Write-back allows the write to be committed to stable storage at the cache and acknowledges the client without waiting for the data to make it to the origin. This results in a globally distributed file system that enables writes to perform at near-local speeds for specific workloads and environments, offering significant performance benefits whereas write-around waits for the origin to commit the writes to the stable storage before acknowledging the client. This results in every write incurring the penalty of traversing the network between the cache and origin.

Before you begin

You must create ExpressRoute or VPN resources to ensure network connectivity from the external NetApp ONTAP cluster to the target Azure NetApp Files cluster. The connectivity can be accomplished in many ways with the goal being that the source cluster has connectivity to the Azure NetApp Files delegated subnet. Connectivity includes this set of firewall rules (bidirectional for all):

  • ICMP
  • TCP 11104
  • TCP 11105
  • HTTPS

The network connectivity must be in place for all intercluster (IC) LIFs on the source cluster to all IC LIFs on the Azure NetApp Files endpoint.

Create a cache volume

Note

SMB protocol cache volume cannot be created when the NetApp account is configured with shared Active Directory. You should configure the account with dedicated Active Directory connections to create SMB protocol cache volumes.

  1. Initiate the cache volume creation using the PUT caches API call. For information about cache operations, see API documentation.

    PUT https://management.azure.com/subscriptions/{subscriptionId}/resourceGroups/{resourceGroupName}/providers/Microsoft.NetApp/netAppAccounts/{accountName}/capacityPools/{poolName}/caches/{cacheName}?api-version=2026-01-01

  2. Monitor if the cache state is available for cluster peering with a GET request.

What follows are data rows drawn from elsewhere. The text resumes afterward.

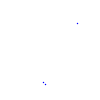
Particle: pion
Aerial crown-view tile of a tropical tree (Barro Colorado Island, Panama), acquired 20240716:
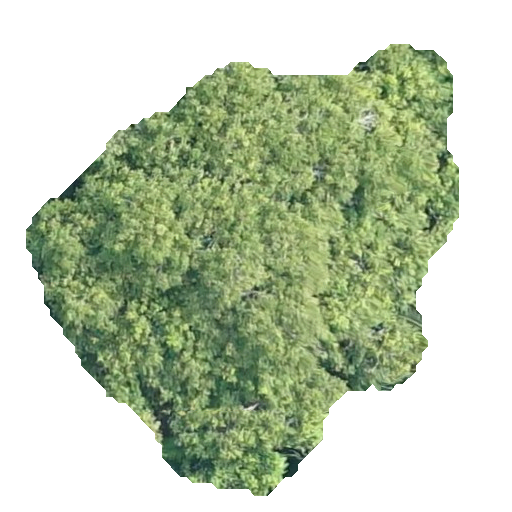
Species: Protium stevensonii
GBIF accepted scientific name: Tetragastris panamensis
Crown area: 202.158 m²

    GET https://management.azure.com/subscriptions/{subscriptionId}/resourceGroups/{resourceGroupName}/providers/Microsoft.NetApp/netAppAccounts/{accountName}/capacityPools/{poolName}/caches/{cacheName}?api-version=2026-01-01

    When the cacheState = ClusterPeeringOfferSent, execute the POST listPeeringPassphrases call to obtain the command and passphrase necessary to complete the cluster peering.

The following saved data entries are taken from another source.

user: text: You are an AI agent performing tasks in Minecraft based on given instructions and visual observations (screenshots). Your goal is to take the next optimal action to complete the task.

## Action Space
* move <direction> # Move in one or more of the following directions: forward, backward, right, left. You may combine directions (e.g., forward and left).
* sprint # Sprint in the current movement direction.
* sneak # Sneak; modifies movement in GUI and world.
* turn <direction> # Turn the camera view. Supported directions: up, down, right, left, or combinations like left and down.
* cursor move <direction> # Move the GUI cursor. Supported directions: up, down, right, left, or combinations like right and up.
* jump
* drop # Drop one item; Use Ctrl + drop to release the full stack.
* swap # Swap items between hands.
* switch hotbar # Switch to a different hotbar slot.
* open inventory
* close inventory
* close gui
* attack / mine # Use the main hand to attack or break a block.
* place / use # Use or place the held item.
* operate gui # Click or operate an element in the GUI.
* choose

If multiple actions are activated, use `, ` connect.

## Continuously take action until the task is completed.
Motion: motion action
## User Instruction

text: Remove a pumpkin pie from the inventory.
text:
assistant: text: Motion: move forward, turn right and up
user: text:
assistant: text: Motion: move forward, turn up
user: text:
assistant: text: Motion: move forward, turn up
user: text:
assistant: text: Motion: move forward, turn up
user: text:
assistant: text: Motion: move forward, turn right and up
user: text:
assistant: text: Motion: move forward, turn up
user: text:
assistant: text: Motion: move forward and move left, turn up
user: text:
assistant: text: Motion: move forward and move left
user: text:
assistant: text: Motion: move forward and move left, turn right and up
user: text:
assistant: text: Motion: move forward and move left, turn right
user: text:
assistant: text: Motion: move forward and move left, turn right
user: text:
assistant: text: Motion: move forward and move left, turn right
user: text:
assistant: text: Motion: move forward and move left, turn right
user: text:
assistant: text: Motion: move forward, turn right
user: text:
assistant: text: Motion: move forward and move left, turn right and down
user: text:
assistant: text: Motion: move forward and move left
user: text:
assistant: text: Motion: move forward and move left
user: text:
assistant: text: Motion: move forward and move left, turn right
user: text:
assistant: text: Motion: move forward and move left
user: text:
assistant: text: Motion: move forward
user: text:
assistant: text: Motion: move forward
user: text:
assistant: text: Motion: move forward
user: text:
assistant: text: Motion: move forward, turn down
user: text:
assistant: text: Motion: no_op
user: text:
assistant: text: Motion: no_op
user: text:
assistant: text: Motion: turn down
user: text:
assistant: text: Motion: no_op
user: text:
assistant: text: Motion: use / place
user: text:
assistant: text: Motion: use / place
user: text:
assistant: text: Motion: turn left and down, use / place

    Example listPeeringPassprhases:

    POST https://management.azure.com/subscriptions/{subscriptionId}/resourceGroups/{resourceGroupName}/providers/Microsoft.NetApp/netAppAccounts/{accountName}/capacityPools/{poolName}/caches/{cacheName}/listPeeringPassphrases?api-version=2026-01-01

    Example Response:

      {
  "clusterPeeringCommand": "cluster peer create -ipspace <IP-SPACE-NAME> -encryption-protocol-proposed tls-psk -peer-addrs 1.1.1.1,1.1.1.2,1.1.1.3,1.1.1.4,1.1.1.5,1.1.1.6",
  "cachePeeringPassphraseExample": "AUniquePassphrase",
  "vserverPeeringCommand": "vserver peer accept -vserver vserver1 -peer-vserver cache_volume_svm"
  }

    Execute the clusterPeeringCommand on the ONTAP system that contains the external origin volume and when prompted, enter the clusterPeeringPassphrase.

    Note

    You have 30 minutes after the cacheState transitions to ClusterPeeringOfferSent to execute the clusterPeeringCommand. If you don't execute the command within 30 minutes, cache creation fails. You'll need to delete the cache volume and initiate a new PUT call.

    Note

    Replace IP-SPACE-NAME with the IP space that the IC LIFs use on the external origin volume’s ONTAP system.

    Note

    Don't execute the vserverPeeringCommand until the next step.

    Note

    If cache volumes are already created using this ONTAP system, then the existing cluster peer is reused. There can be situations where a different Azure NetApp Files cluster might be used, which requires a new cluster peer.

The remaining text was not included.